Hello darkness, my old friend,
I’ve come to talk with you again,
Because a vision softly creeping,
Left its seeds while I was sleeping,
And the vision that was planted in my brain
Still remains
Within the sound of silence.

I couldn’t sleep last night. Just couldn’t. My family and I have been through this several times over the last few years. But walking into the nursing home on Sunday, it felt different. I looked in the group room and just started crying. I was never going back there again to see my Gpa. I felt it. It scared me. I spent so much time with him when he first was placed in the home. I HATED him in that place. And I refused to let him be alone. I went down one or two nights a week during school, just to watch baseball, wrestling, attempt to convince Gpa to join in on the crafts…participate in long Yahtzee tournies…all of it. And after I was without a car, I sent him mail, cards every week…tapering off to every other week…once a month…as Gpa faded away so did I.

So it was no surprise that I spent most of my day on Monday cursing, praying, angry, sad, scared…I wanted it to be over, we all did. I couldn’t imagine him suffering any longer. But I also know that “most likely will not make it through the night” sometimes means days…I went to work last night, knowing I would be heading home in the morning, but not knowing what I would find.

I couldn’t sleep. I tried to read. I tried praying, all I could do was hug *dog* and cry. By the time 6 am rolled around I suddenly felt this odd sense of peace come over me. I instantly was greeted with a vision of my Dad, waiting for Gpa to join him…my Dad and Gpa were very close, when Dad died, Gpa lost his best friend, not just a son-in-law. And Uncle Bill was there too (he passed away a few years ago, suddenly and quickly in the middle of my grandpa’s illness) and with this thought I fell asleep. An hour later I woke up to the phone call from my brother. And just started to cry. When my Aunt Carroll was rushing to the home, this song was on the radio…

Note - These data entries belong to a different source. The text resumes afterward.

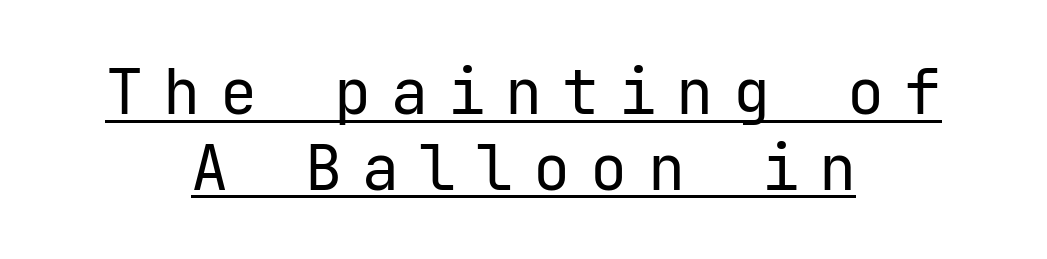
Q: Is the text bold? A: No.
Q: Is the text italic (slanted)? A: No, it is upright.
Q: Is the typeface a serif or a sans-serif typeface? A: Sans-serif.
Q: Is the text underlined? A: Yes.
Q: How is the paragraph aligned? A: Centered.
Q: Is the spacing between letters normal or unusually wide? A: Unusually wide.
Q: Width (condensed, normal, or wide)? A: Normal.
Q: Stroke contrast? A: Low.
Q: x-height? A: Medium.
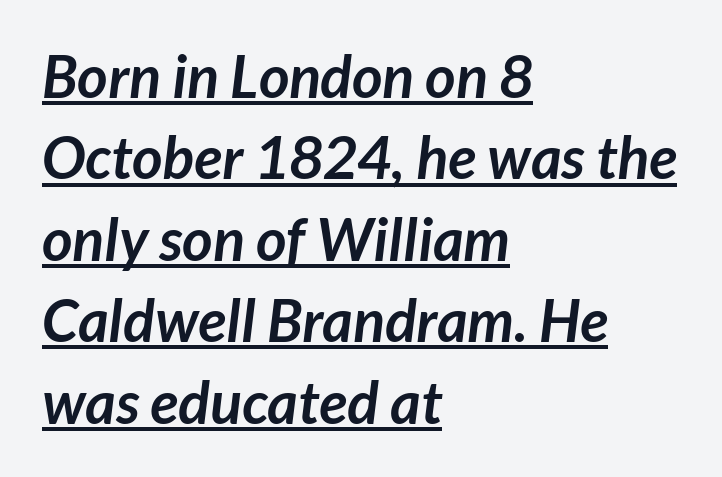
The rendering shows plain stroke endings on the letterforms — a sans-serif design. Nothing unusual about the tracking: characters are spaced as the font intends. In CSS terms this would be text-align: left. Note the varied advance widths — an 'i' is clearly narrower than an 'm'. Underlined type.
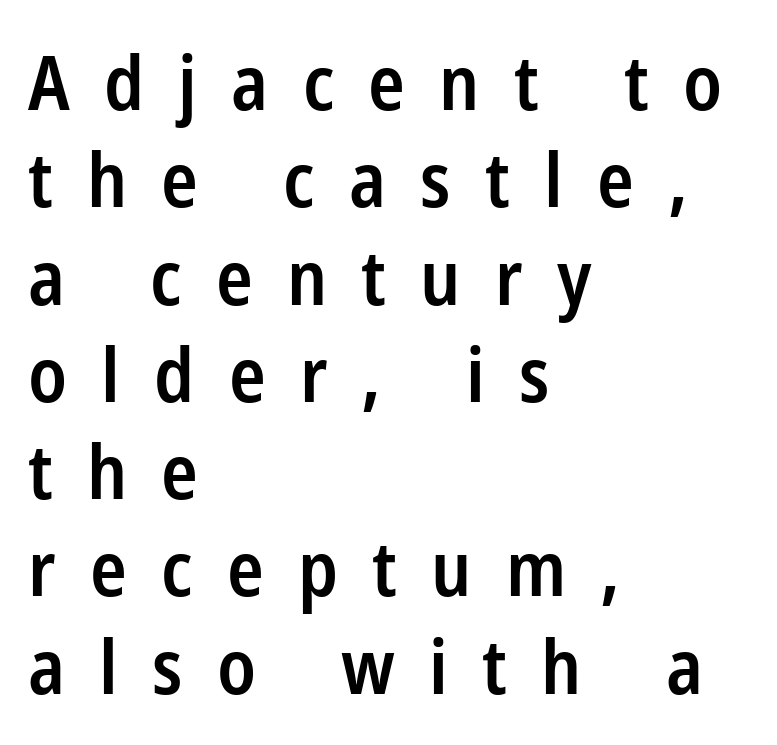
Vertical spacing — default. The passage shown is semibold, sitting just below true bold. The passage shown is typed in a proportional face where columns would drift. Ordinary non-slanted type is in use. Notice how the passage keeps a crisp vertical edge on the left only.

When it rains it pours and opens doors
And floods the floors we thought would always keep us safe and dry
And in the midst of sailing ships we sink our lips into the ones we love
That have to say goodbye
And as I float along this ocean
I can feel you like a notion that won’t seem to let me go.
When I look to the sky something tells me your here with me
And you make everything alright
And when I feel like I’m lost something tells me your here with me
And I can always find my way when you are here.

Strangely enough, I found myself talking to Gpa, telling him that we would all be ok…and that I loved him. Telling my Dad to take care of him…I have grown light years from 15 years ago when I had to say goodbye to my Dad. I realized how ineffectively I handled this grief 10 years after the fact, when Gpa got sick.

I know that I’m a prisoner
To all my father held so dear
I know that I’m a hostage
To all his hopes and fears
I just wish I could have told him in the living years

Crumpled bits of paper
Filled with imperfect thought
Stilted conversations
I’m afraid that’s all we’ve got

Say it loud, say it clear
You can listen as well as you hear
Its too late when we die
To admit we don’t see eye to eye

I wasn’t there that morning
When my father passed away
I didn’t get to tell him
All the things I had to say

I think I caught his spirit
Later that same year
I’m sure I heard his echo
In my baby’s new born tears
I just wish I could have told him in the living years

This time, I said my proper goodbye. Time to move on, time to walk alone.

“Nowhere’s home and I’m all wrong”

My God, we have been preparing for this moment for so long, and I can’t believe it’s here. Tomorrow and Thursday are going to be heart-wrenching. My Gma just lost her sister on Friday. And now her husband.

My brother? The strongest most reliable person on this planet. I don’t know what I would do without him…but Gpa was a father figure…Tim is too young to be the man of the household…but strong enough to accept the challenge. I just want him to be ok too…and Bren…same for Bren…what a day* And thank you, 1000 times thank you Aunt Carroll for everything. You were there for Gpa in ways I couldn’t bear to bring myself to be…There is a special place in heaven for you.